BALANCED_DATA_CSV = 'data/balanced.csv'
ORIGINAL_DATA_CSV = 'data/original.csv'
TEST_CSV = 'data/test.csv'

warnings.filterwarnings('ignore')

class BaseNB:
    def __init__(self):
        self.gs = None

    def fit(self, x_train, y_train):
        self.gs.fit(x_train, y_train)

    def predict(self, x_test):
        return self.gs.predict(x_test)
    

class MultinomialNB(BaseNB):
    def __init__(self):
        super().__init__()
        self.gs = GridSearchCV(
            make_pipeline(TfidfVectorizer(), MNB()), 
            param_grid={
                'multinomialnb__fit_prior': [True, False],  
                'multinomialnb__force_alpha': [True, False],
                'multinomialnb__alpha': [i/10 for i in range(1, 30)]
            }, return_train_score=True
        )

class TextClassifier:
    def __init__(self, naive_bayes_model):
        self.labelEncoder = LabelEncoder()
        self.model = naive_bayes_model

    def _transform_text(self, text_array):
        def to_lower(text):
            return text.lower()
        
        def remove_spaces(text):
            return " ".join(text.split()).strip()
        
        def sanatize(text):
            return re.sub('[.:;/$@&*\'"]', '', text) 
        
        return [to_lower(remove_spaces(sanatize(text))) for text in text_array]
    
    def train(self, csv_file, test_size=0.3):
        df = pd.read_csv(csv_file, header=0)
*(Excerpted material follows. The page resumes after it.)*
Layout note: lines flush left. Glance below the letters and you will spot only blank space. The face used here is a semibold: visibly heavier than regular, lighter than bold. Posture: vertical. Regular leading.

        x = self._transform_text(df[df.columns[0]])
        y = self.labelEncoder.fit_transform(df[df.columns[1]])

        xtrain, xtest, ytrain, ytest = x, x, y, y
        if (test_size>0):
            xtrain, xtest, ytrain, ytest = train_test_split(x, y, test_size=test_size)
        
        self.model.fit(xtrain, ytrain)

        print("Training complete.")
        print("Best parameters:", self.model.gs.best_params_)
        print("Score on validation set:", self.model.gs.score(xtest, ytest))

        return self.model.gs.best_params_, self.model.gs.score(xtest, ytest)
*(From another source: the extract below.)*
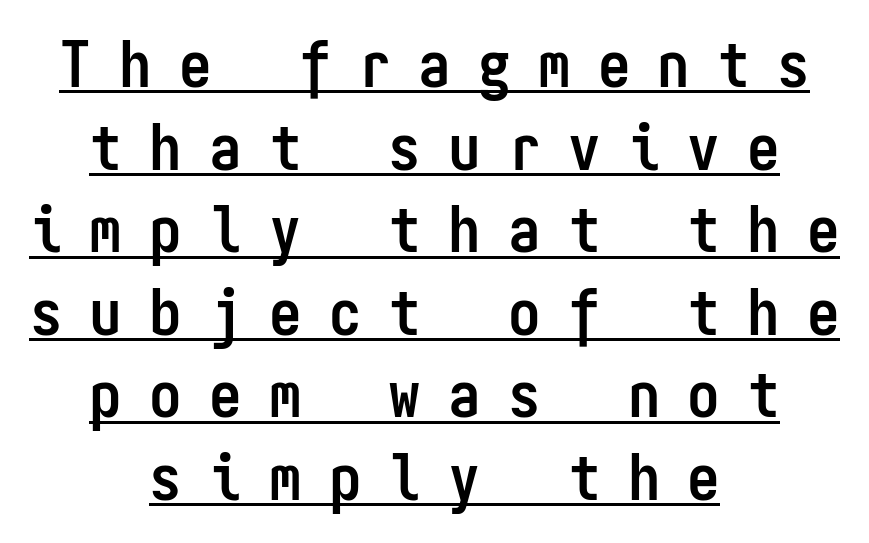
{"serif": "no", "italic": "no", "bold": "yes", "weight": "semibold", "width": "condensed", "stroke_contrast": "low", "x_height": "medium", "monospaced": "yes", "underline": "yes", "align": "center", "line_spacing": "normal", "line_spacing_ratio": 1.27, "letter_spacing": "wide", "letter_spacing_em": 0.42, "glyph_px": 65}

    def test(self, csv_file):
        if not self.model.gs:
            raise ValueError("Model has not been trained yet.")

        df = pd.read_csv(csv_file, header=0)
        x_test = self._transform_text(df[df.columns[0]])
        y_test = df[df.columns[1]]

        y_test_pred = self.model.predict(x_test)

        print("Testing complete.")
        print("Best parameters:", self.model.gs.best_params_)
        print("Score on test set:", self.model.gs.score(x_test, self.labelEncoder.transform(y_test)))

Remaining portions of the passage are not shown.